One of the greatest benefits of managing a practice is the flexibility to be in control of your day. Take advantage of technology. Because of it, I can be home most evenings with my kids for dinner and homework and still fit in an extra couple of hours after they go to sleep. For me, it’s also a benefit to my practice. In my field, many of my clients struggle to find time together during the day to connect on their personal planning and appreciate the ability to have a Zoom call outside of traditional working hours. Thanks to technology, we don’t need to work exclusively during traditional work hours—work when it works for you and your practice.

Advocate for What You Need

The tips set out above may not be achievable at every law firm or legal industry job today. If you find that it’s not working where you are, advocate for what you need. If advocating within your organization doesn’t give you the ability to achieve your goals, you have a marketable skill and it may be time to explore other opportunities. Build out your network of peers so that you can talk with them both to help frame your goals and to learn about other organizations and individuals who may be more supportive. You don’t need to leave the practice of law if that’s the work you want to be doing. Being involved in RPTE was a light for me. The Section is full of professionals who have successful practices and prioritize volunteering and thought leadership.
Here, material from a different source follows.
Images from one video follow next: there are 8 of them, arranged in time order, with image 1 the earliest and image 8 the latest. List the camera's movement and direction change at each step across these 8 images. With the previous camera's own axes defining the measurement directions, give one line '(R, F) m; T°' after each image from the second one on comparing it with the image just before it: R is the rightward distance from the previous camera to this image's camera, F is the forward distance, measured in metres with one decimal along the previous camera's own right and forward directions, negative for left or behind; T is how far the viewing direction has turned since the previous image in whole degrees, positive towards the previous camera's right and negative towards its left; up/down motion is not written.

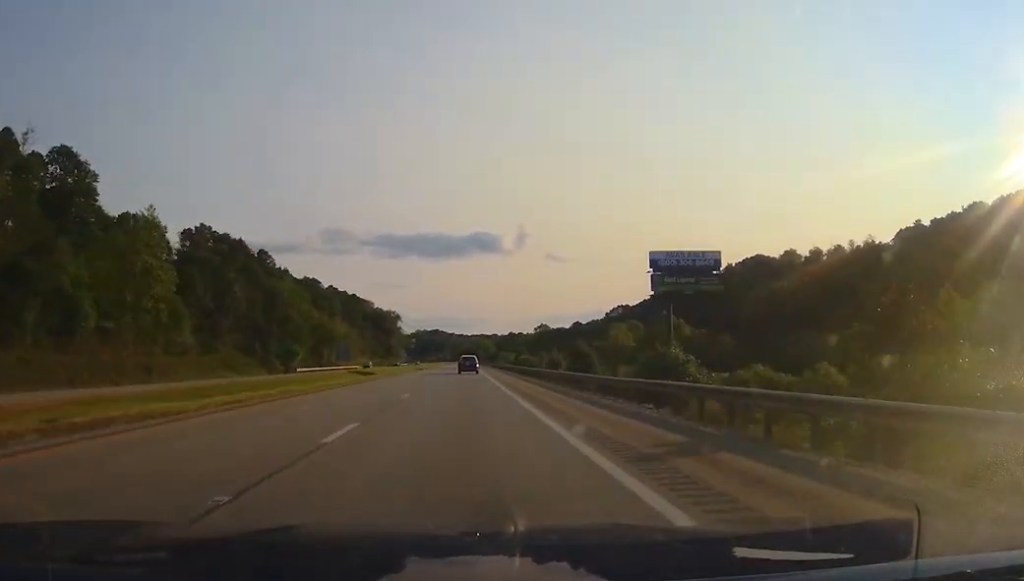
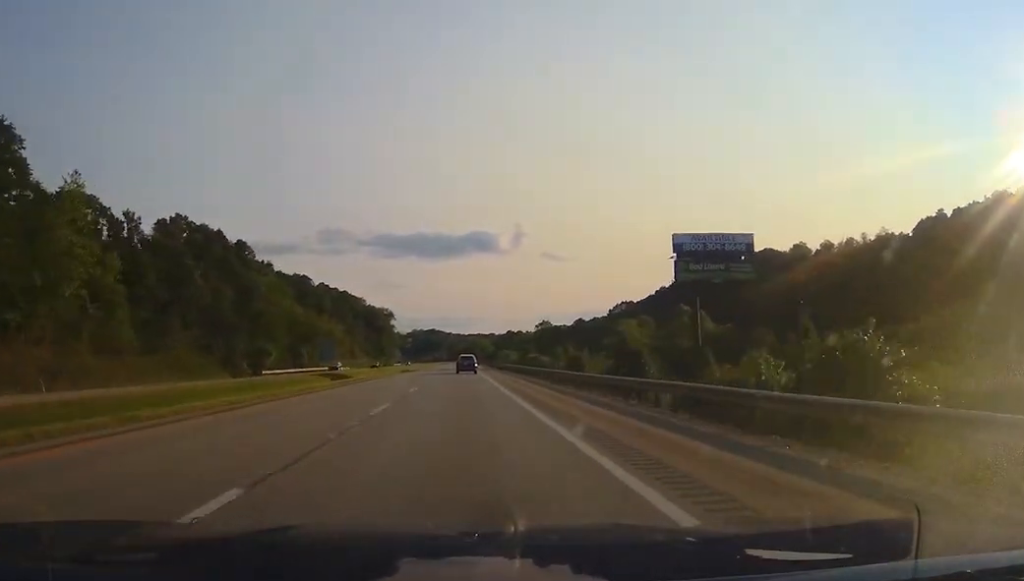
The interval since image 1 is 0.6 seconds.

Learning to identify and prioritize the things that matter to you starts with introspection to determine what your goals are and what is important to you. I consider time our most valuable resource. Not doing things that don’t further your goals or provide personal satisfaction (i.e., saying no, delegating, or outsourcing) will give you more time in the day for things that you want to be doing. Make a schedule to be intentional about your day. Start with 24 hours and work backwards allocating time to your priorities. It won’t be a perfect system because emergencies happen at work and at home, and you’ll need to be able to adapt and give yourself grace. You can have it all, at the same time, when it’s on your terms.